Raghavan wants to remedy that. He will now be competing against Diamandakis as he attempts this. Ironically, Diamandakis is now at Raghavan's own former employer - JPMorgan - where he will be well-placed to thwart these efforts. Dealogic says JPMorgan ranks first globally for leveraged loans and around second globally for financial sponsors this year. Diamandakis has gone to the better bank.
Raghavan's arrival may be the reason Diamandakis left Citi in the first place. Diamandakis had spent a decade at the US bank, and seemed happy doing deals with the likes of Apollo there. Then Raghavan arrived and cast aspersions on the success of Citi's sponsors business, which he said was floundering partly due to low appetite for the risk of financing leveraged deals. Raghavan subsequently parachuted-in a new co-head of Citi sponsors banking in the form of Ashu Khullar, a former corporate banker from India, and Diamandakis decided to disappear six weeks later. Now he's back; Citi may regret seeing him go.
Separately, these are not the finest times to be working in M&A. The Wall Street Journal reports that M&A deals are now at a 20-year low, at levels last seen in 2005.
The problems are legion: tariffs, geopolitical uncertainty, political uncertainty, high rates, and the emotional volatility of buyers and sellers amidst the volatility of everything else. "Emotion is driving a lot of this, it’s not logic,” Andrew Apfelberg, an M&A lawyer, tells the WSJ.
However, it's not entirely illogical. “One day we have tariffs, the next day we don’t... Private equity funds, lenders, attorneys, accountants, pick whoever — you didn’t know how to evaluate a target company anymore,” Apfelberg also says of the decline.
None of this seems good for M&A banking jobs, particularly at firms like Jefferies and Deutsche Bank, which stocked up on managing directors in the expectation of a deal resurgence.
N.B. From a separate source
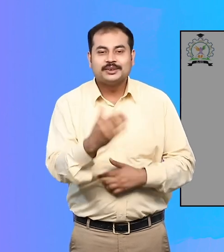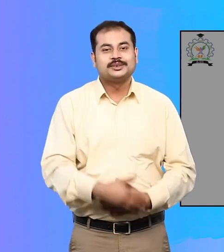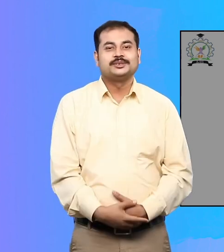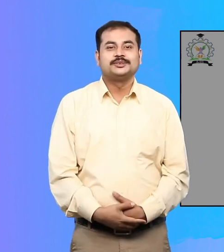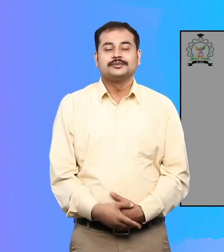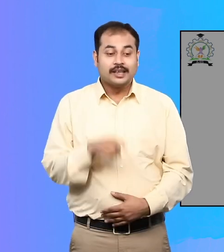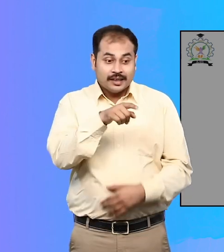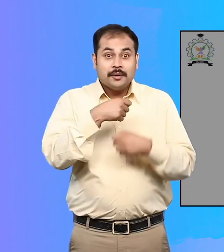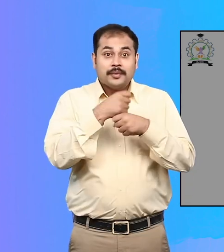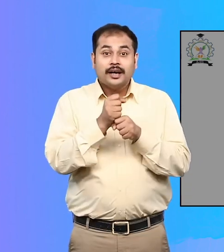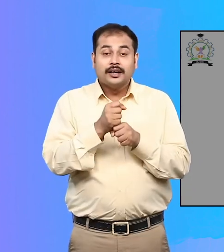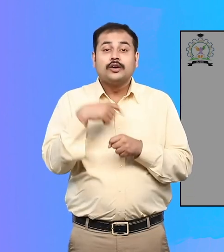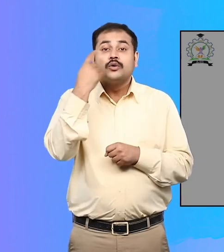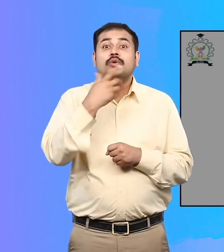वीडियो को देखने के लिए धन्यवाद

However, Jefferies this week said its advisory revenues in fact rose by 61% year-on-year in the second quarter due to market share gains. It may make sense to hire senior M&A bankers still.
Meanwhile...
Barclays and UBS are also competing in leveraged finance. Barclays holds the fifth spot in the global leveraged finance revenues in the year to date. UBS is tenth, down from sixth this time last year. Barclays just poached Marc Warm, UBS’s global head of leveraged and debt capital markets, to be its global co-head of capital markets. (Financial News)
Flavio Figueiredo says Citi's FX business is thriving under his leadership and has commissioned research to show it growing market share with hedge fund clients. “We’ve moved up in the ranks. When volatility hit, we brought the best of our firm to our clients, including increasingly active hedge funds.” (Bloomberg)
Jane Street is going to Abu Dhabi. (Bloomberg)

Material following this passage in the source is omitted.